## TASK DETAILS
Repeat, word for word, each of the records shown below, without their pictures.

## Excerpts from a dataset

-*-

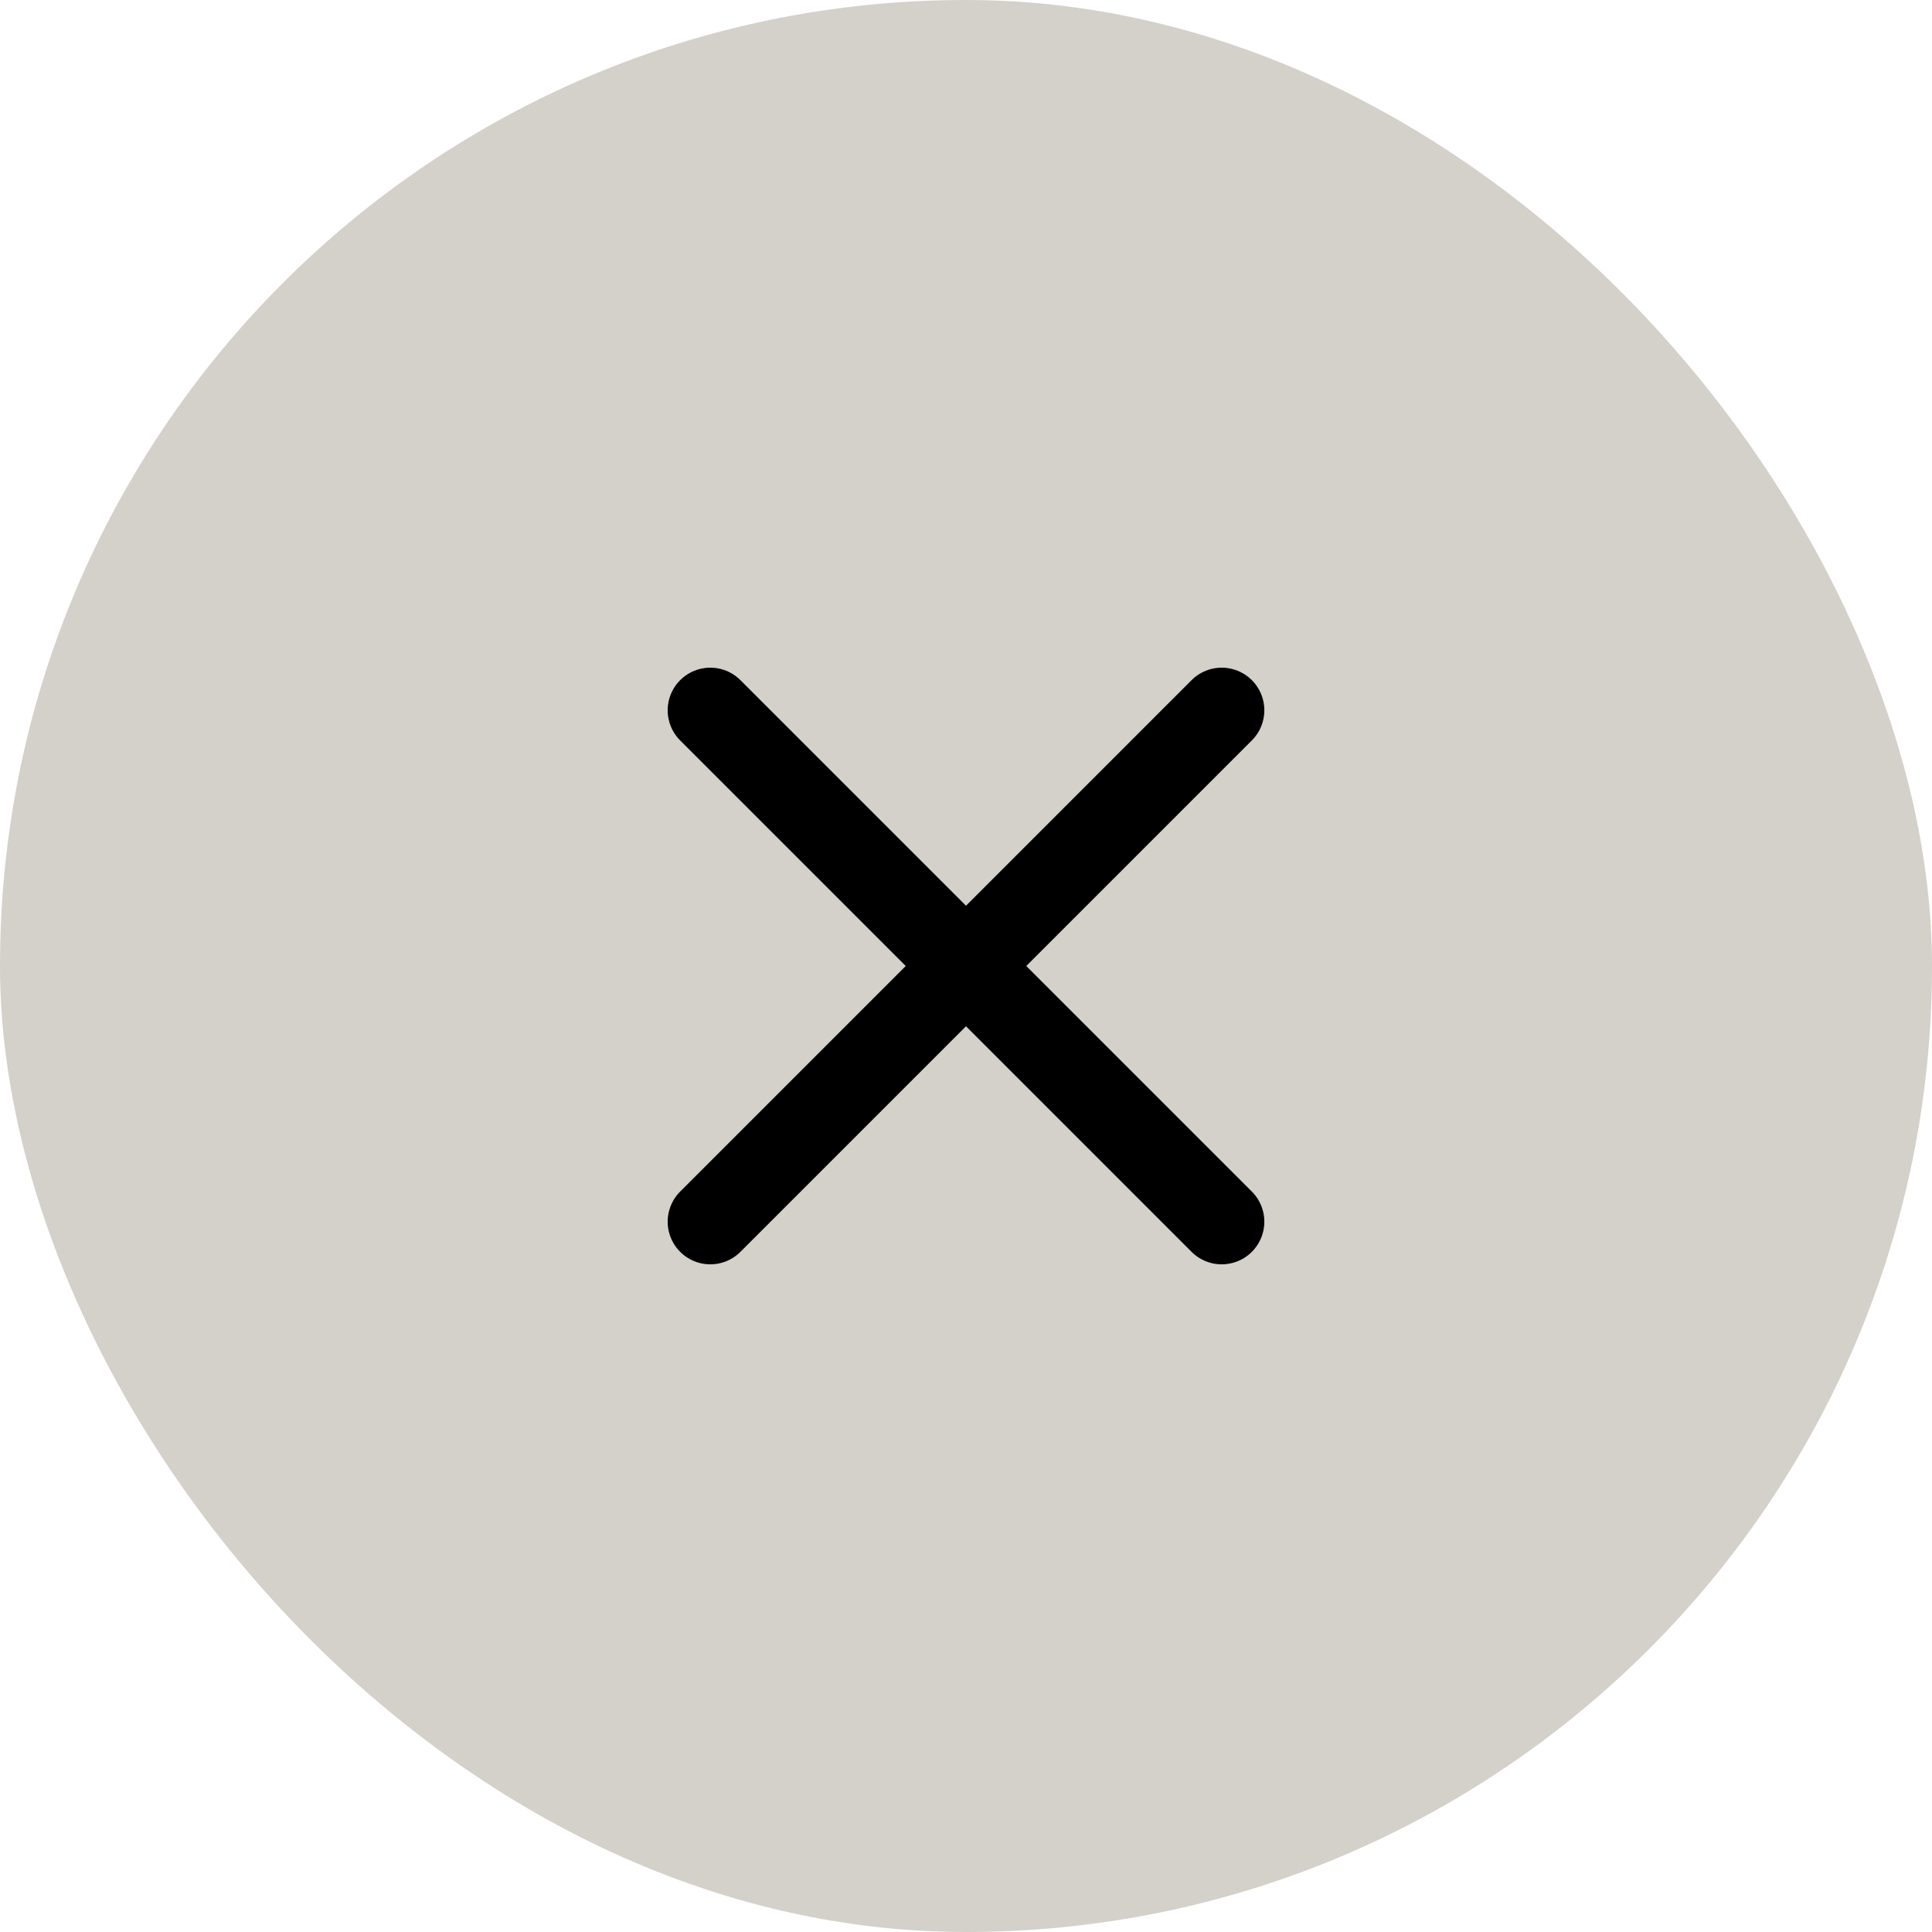 <svg width="34" height="34" viewBox="0 0 34 34" fill="none" xmlns="http://www.w3.org/2000/svg">
<rect width="34" height="34" rx="17" fill="#D4D0CA"/>
<path d="M21.5 12.5L12.5 21.5" stroke="black" stroke-width="1.5" stroke-linecap="round" stroke-linejoin="round"/>
<path d="M12.5 12.5L21.5 21.5" stroke="black" stroke-width="1.5" stroke-linecap="round" stroke-linejoin="round"/>
</svg>

-*-

## SOLUTION FOR THIS PROBLEM
 <svg width="34" height="34" viewBox="0 0 34 34" fill="none" xmlns="http://www.w3.org/2000/svg">
<rect width="34" height="34" rx="17" fill="#D4D0CA"/>
<path d="M21.5 12.5L12.5 21.5" stroke="black" stroke-width="1.5" stroke-linecap="round" stroke-linejoin="round"/>
<path d="M12.5 12.5L21.5 21.5" stroke="black" stroke-width="1.5" stroke-linecap="round" stroke-linejoin="round"/>
</svg>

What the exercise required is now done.